Working from the entries that follow, transcribe exactly and only the lines from the one with "Past image 1 by 0.9 seconds." through the last, pictures excluded.
=== Begin Enclosure ===
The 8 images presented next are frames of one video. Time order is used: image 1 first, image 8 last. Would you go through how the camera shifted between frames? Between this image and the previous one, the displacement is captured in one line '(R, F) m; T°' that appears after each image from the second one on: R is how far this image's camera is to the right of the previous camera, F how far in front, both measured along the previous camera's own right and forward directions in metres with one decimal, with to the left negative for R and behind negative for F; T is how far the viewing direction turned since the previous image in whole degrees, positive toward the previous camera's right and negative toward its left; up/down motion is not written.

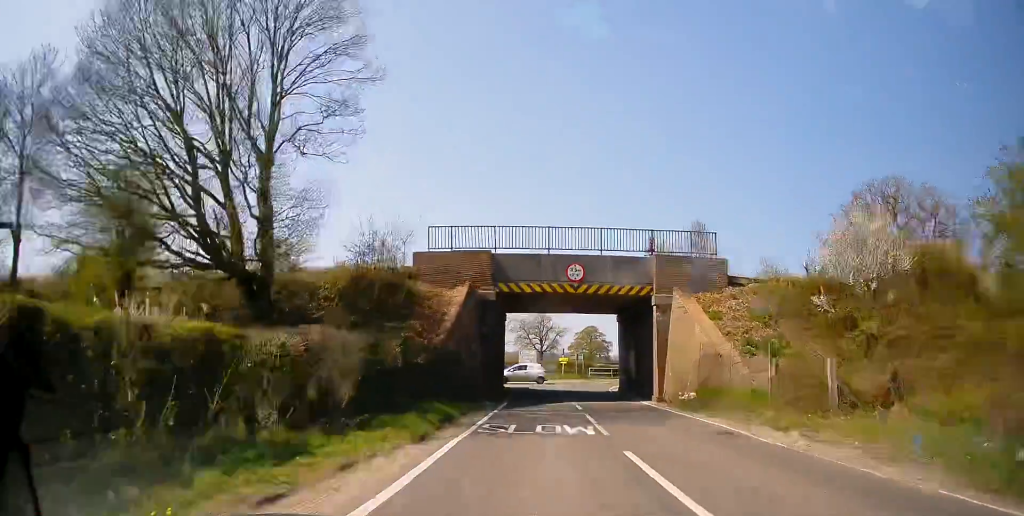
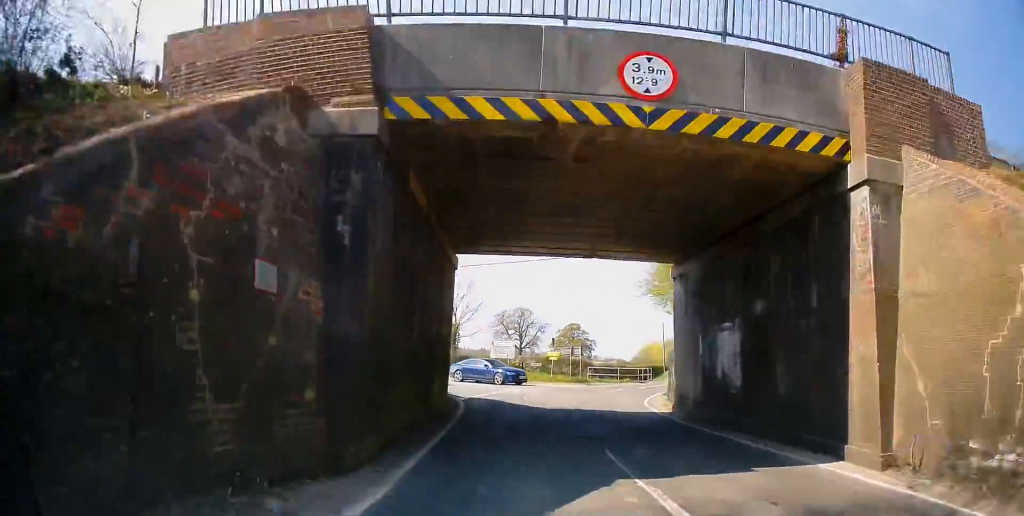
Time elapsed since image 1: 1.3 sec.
(-0.4, +15.2) m; +1°
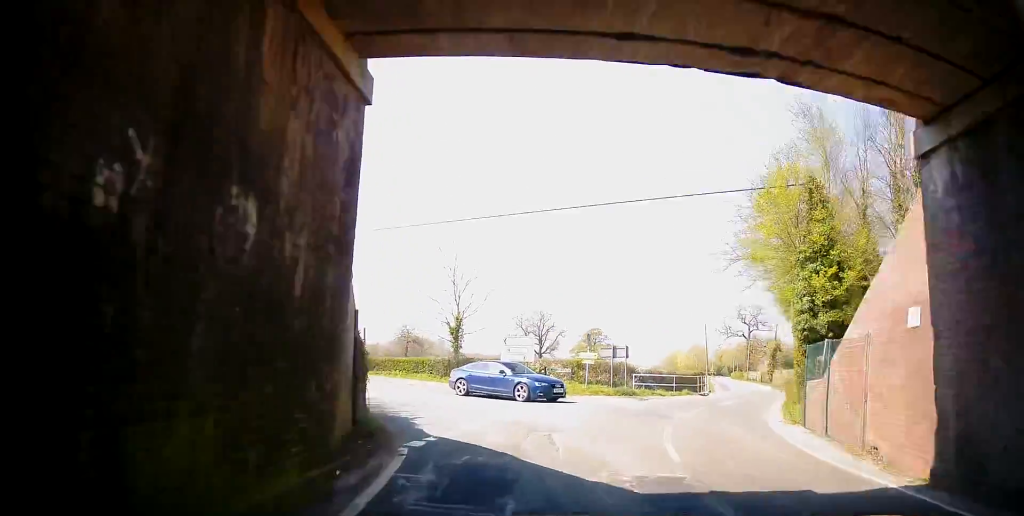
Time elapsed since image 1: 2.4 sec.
(+0.6, +10.5) m; 0°
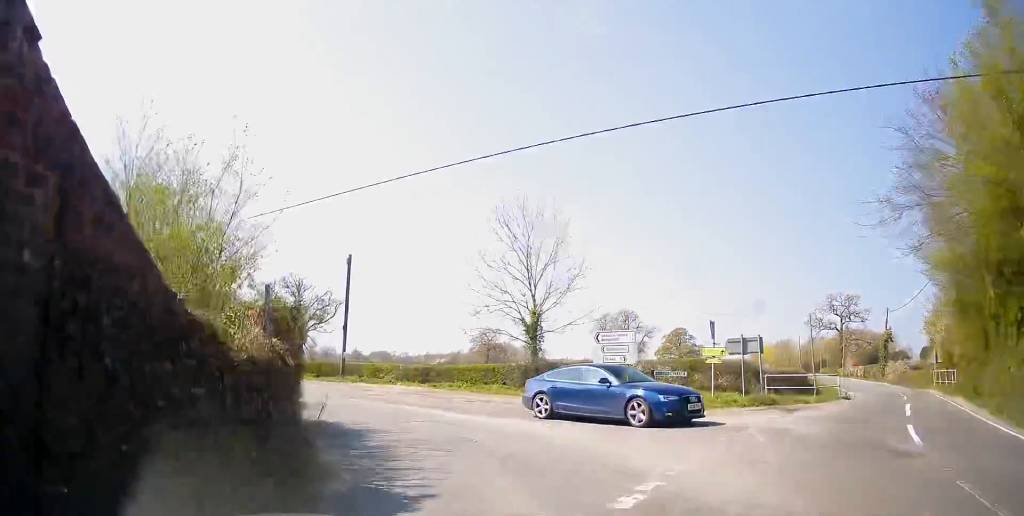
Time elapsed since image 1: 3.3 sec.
(-0.3, +7.3) m; -6°
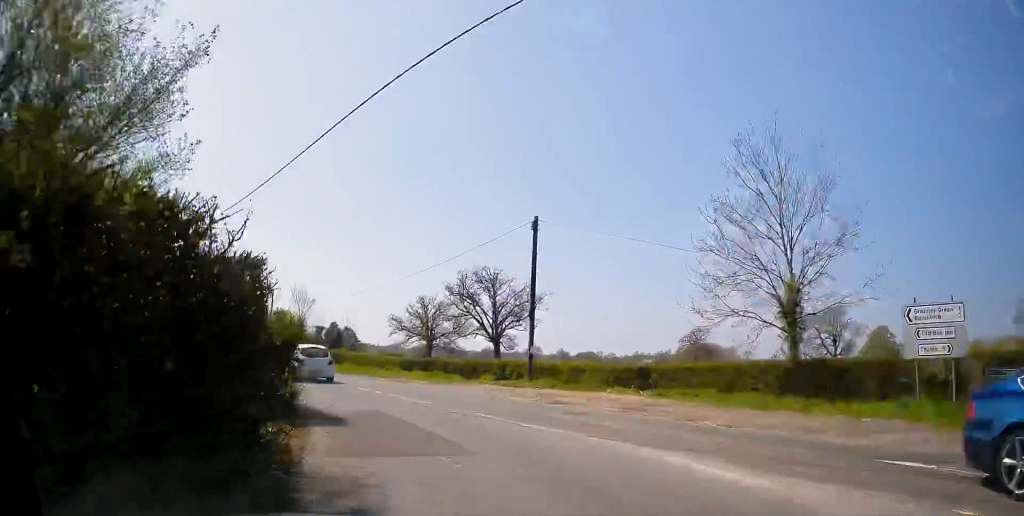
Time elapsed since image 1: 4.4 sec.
(-0.7, +8.1) m; -11°
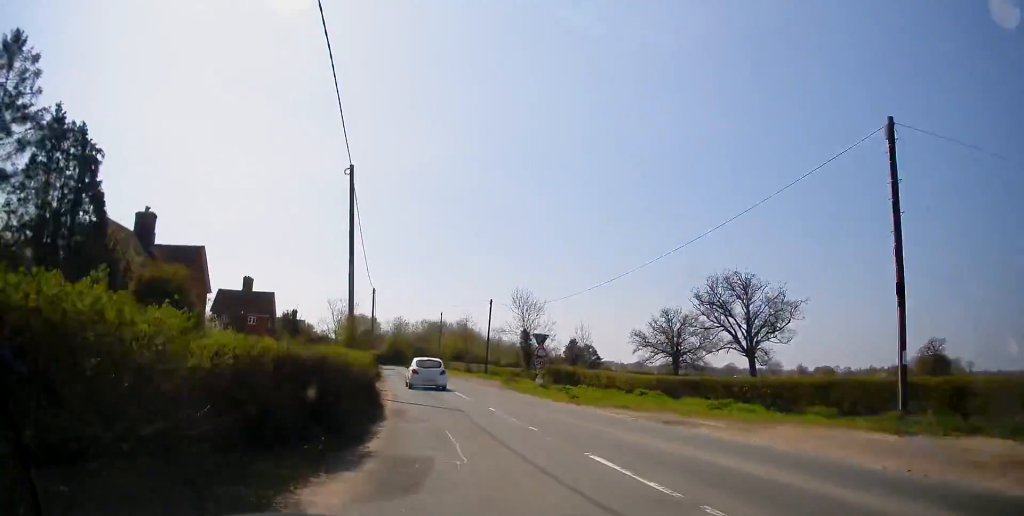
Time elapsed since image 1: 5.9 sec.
(-3.6, +10.4) m; -34°
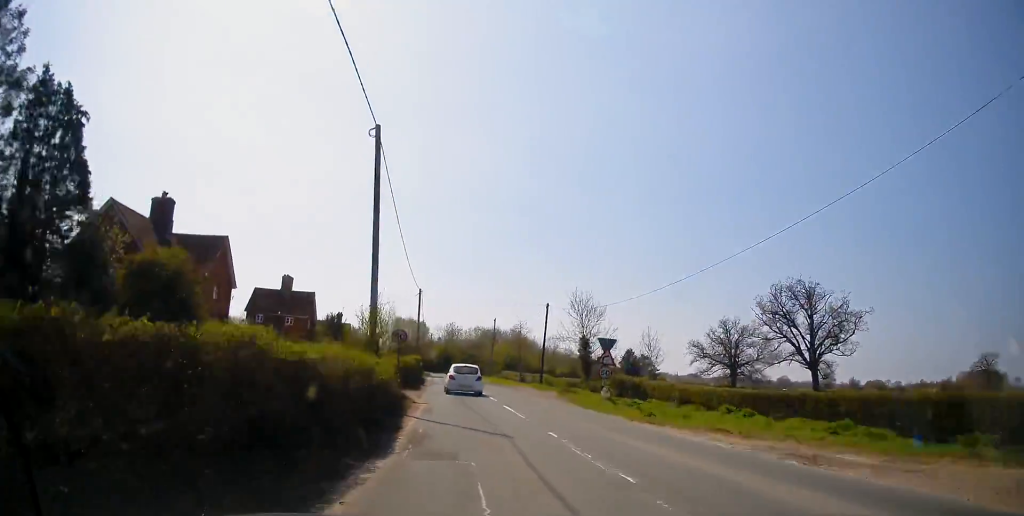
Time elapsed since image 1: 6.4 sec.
(-0.5, +4.4) m; -8°
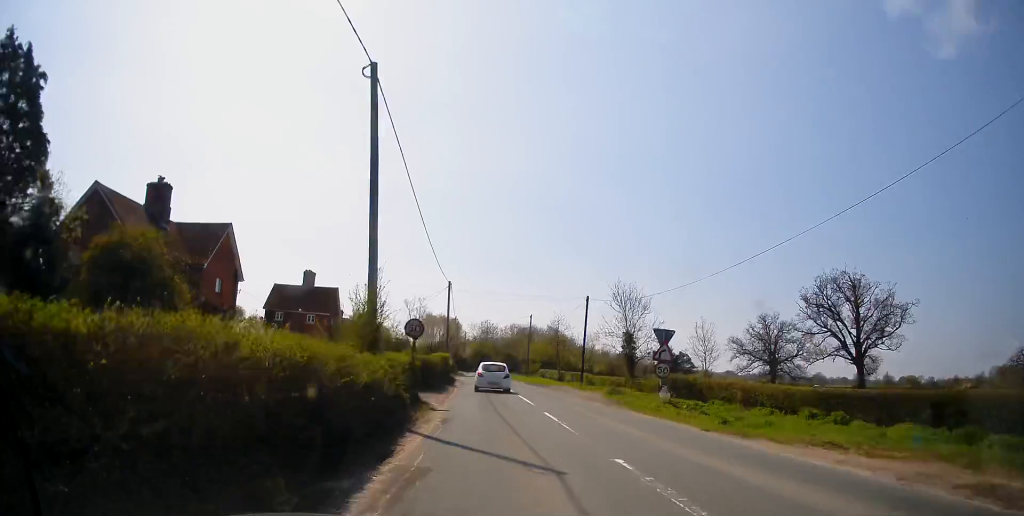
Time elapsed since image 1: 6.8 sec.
(-0.1, +4.4) m; -2°
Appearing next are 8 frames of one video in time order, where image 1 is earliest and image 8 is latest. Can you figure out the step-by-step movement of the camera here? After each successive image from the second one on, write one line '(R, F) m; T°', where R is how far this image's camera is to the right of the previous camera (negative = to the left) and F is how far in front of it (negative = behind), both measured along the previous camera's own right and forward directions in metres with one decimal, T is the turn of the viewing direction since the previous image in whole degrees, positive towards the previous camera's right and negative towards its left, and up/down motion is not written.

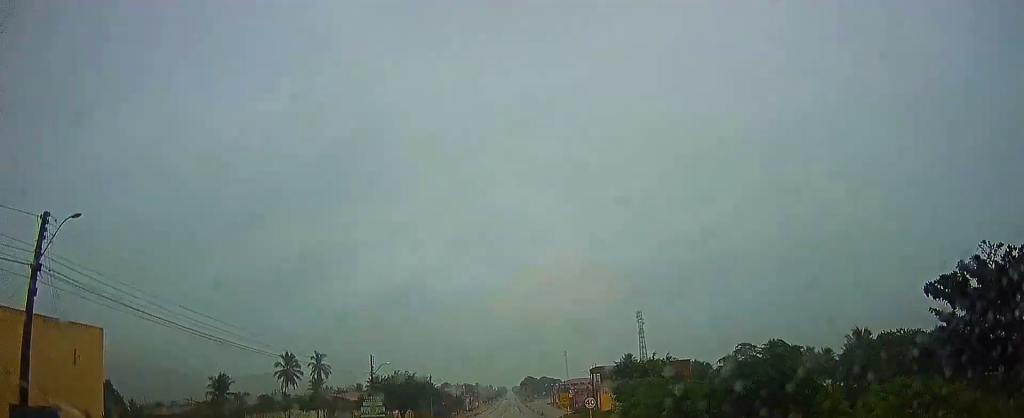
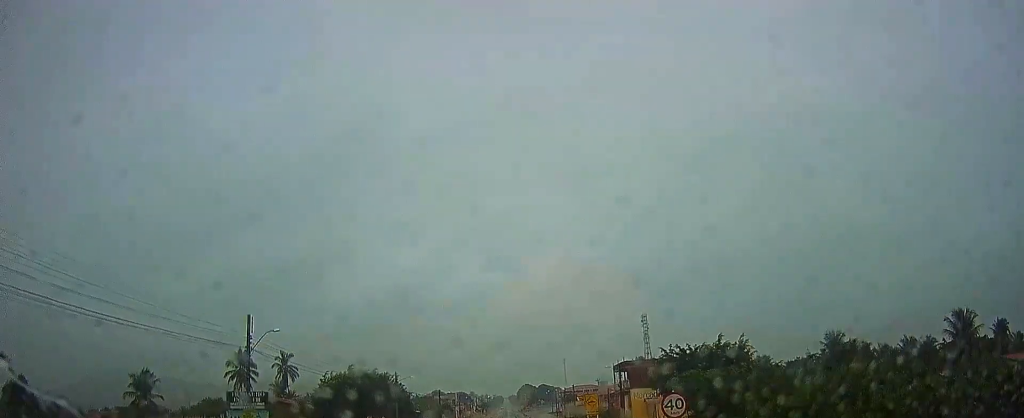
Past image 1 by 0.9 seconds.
(+0.5, +25.5) m; +1°
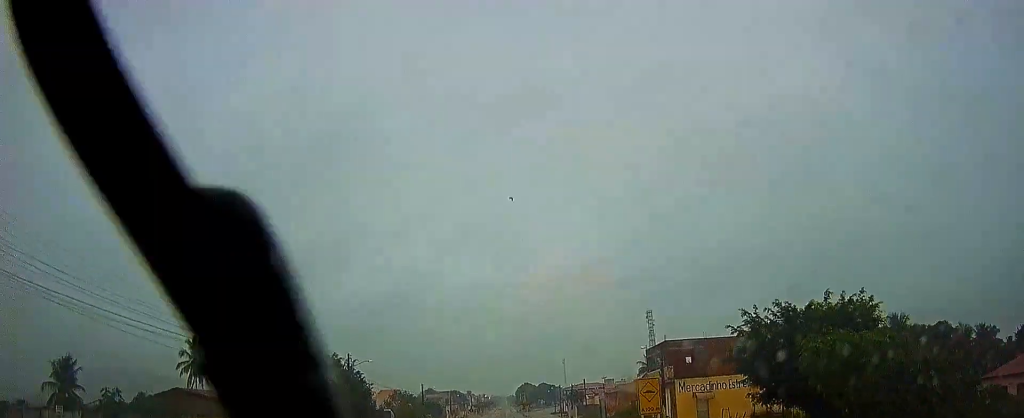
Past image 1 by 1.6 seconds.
(0.0, +18.9) m; 0°
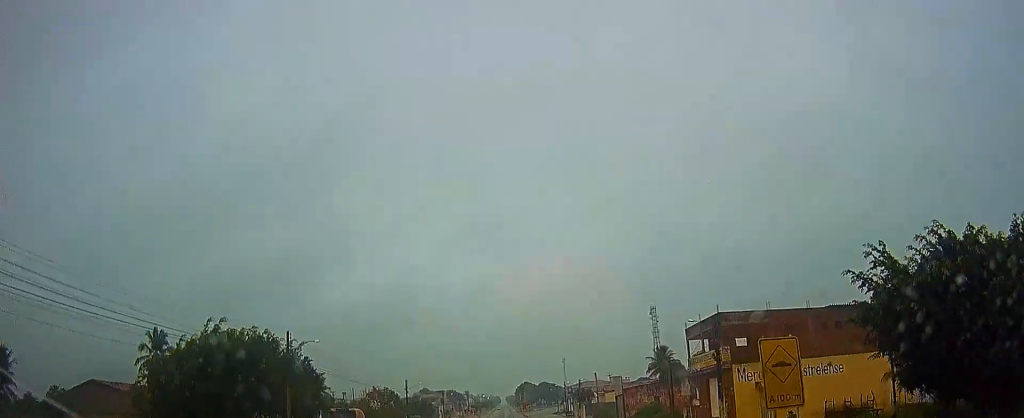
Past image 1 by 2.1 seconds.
(-0.1, +13.3) m; 0°
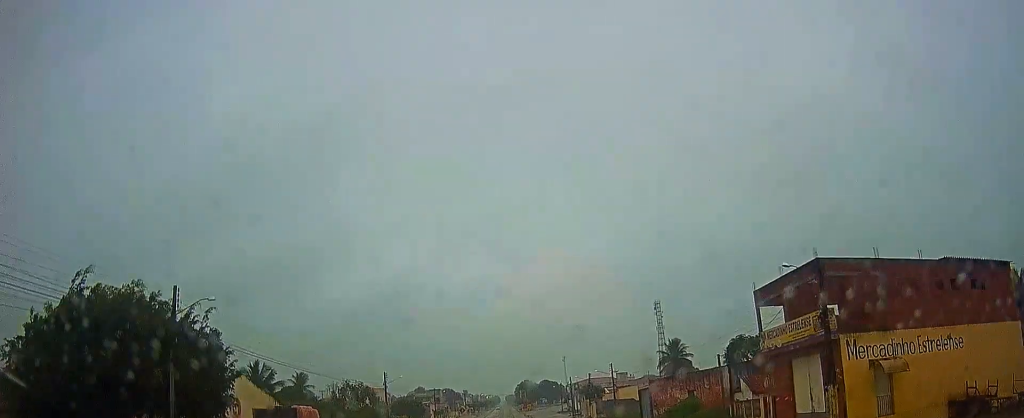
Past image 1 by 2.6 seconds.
(0.0, +12.6) m; 0°
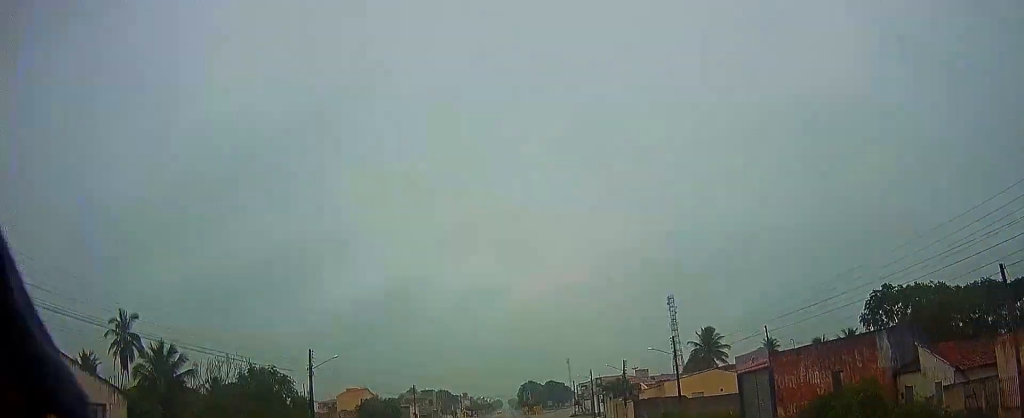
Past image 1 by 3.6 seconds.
(+0.1, +25.1) m; 0°
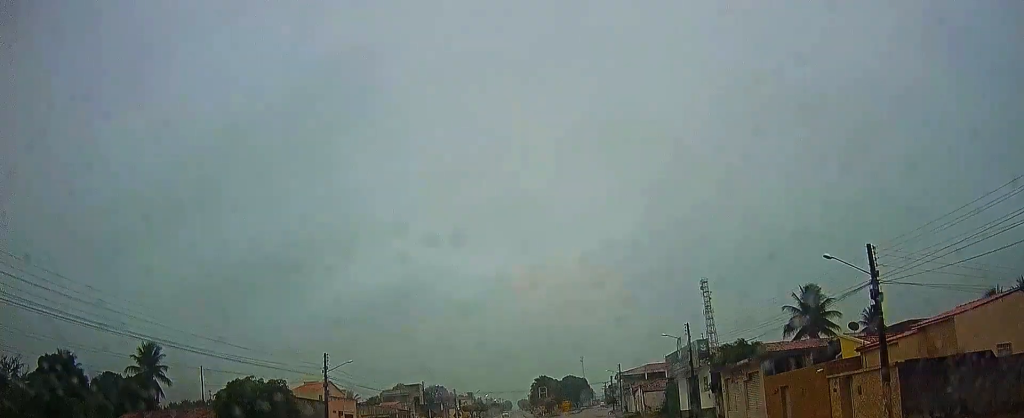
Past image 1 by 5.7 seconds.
(-0.4, +44.2) m; 0°
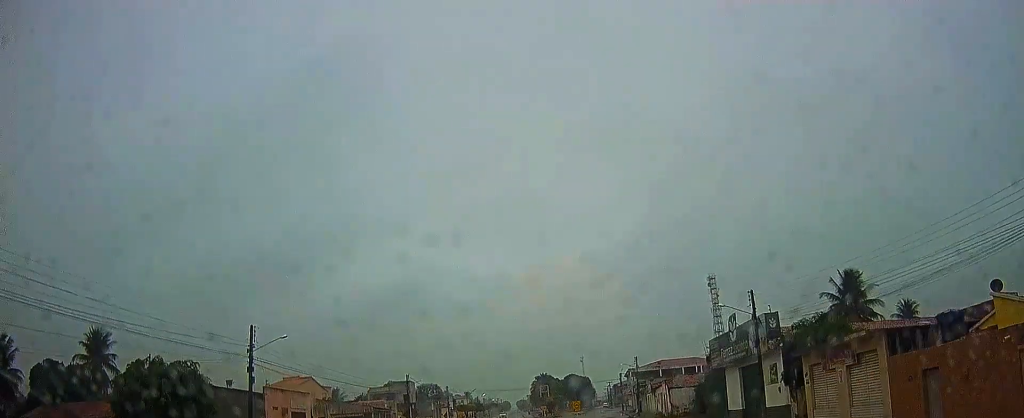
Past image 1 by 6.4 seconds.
(+0.1, +12.6) m; 0°
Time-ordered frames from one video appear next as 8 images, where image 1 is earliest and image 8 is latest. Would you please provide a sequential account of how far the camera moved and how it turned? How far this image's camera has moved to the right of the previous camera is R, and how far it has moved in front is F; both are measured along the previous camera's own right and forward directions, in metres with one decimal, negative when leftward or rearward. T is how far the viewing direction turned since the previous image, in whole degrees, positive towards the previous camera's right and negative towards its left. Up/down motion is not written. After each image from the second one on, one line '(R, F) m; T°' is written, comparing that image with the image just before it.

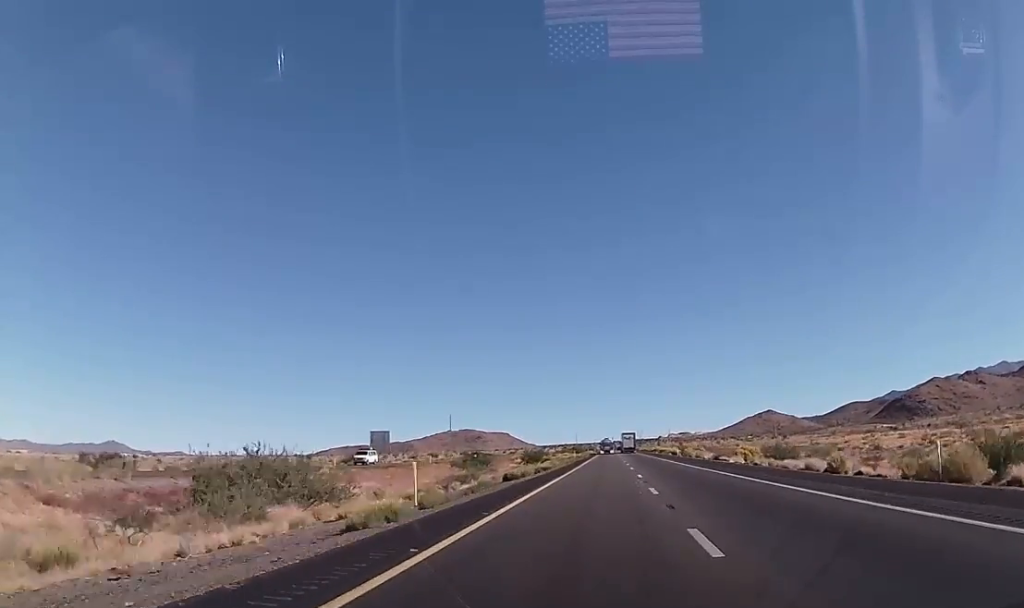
=== End Enclosure ===
**RESPONSE TO THIS EXERCISE**
Past image 1 by 0.9 seconds.
(+0.5, +25.5) m; +1°
Past image 1 by 1.6 seconds.
(0.0, +18.9) m; 0°
Past image 1 by 2.1 seconds.
(-0.1, +13.3) m; 0°
Past image 1 by 2.6 seconds.
(0.0, +12.6) m; 0°
Past image 1 by 3.6 seconds.
(+0.1, +25.1) m; 0°
Past image 1 by 5.7 seconds.
(-0.4, +44.2) m; 0°
Past image 1 by 6.4 seconds.
(+0.1, +12.6) m; 0°
Time-ordered frames from one video appear next as 8 images, where image 1 is earliest and image 8 is latest. Would you please provide a sequential account of how far the camera moved and how it turned? How far this image's camera has moved to the right of the previous camera is R, and how far it has moved in front is F; both are measured along the previous camera's own right and forward directions, in metres with one decimal, negative when leftward or rearward. T is how far the viewing direction turned since the previous image, in whole degrees, positive towards the previous camera's right and negative towards its left. Up/down motion is not written. After each image from the second one on, one line '(R, F) m; T°' is written, comparing that image with the image just before it.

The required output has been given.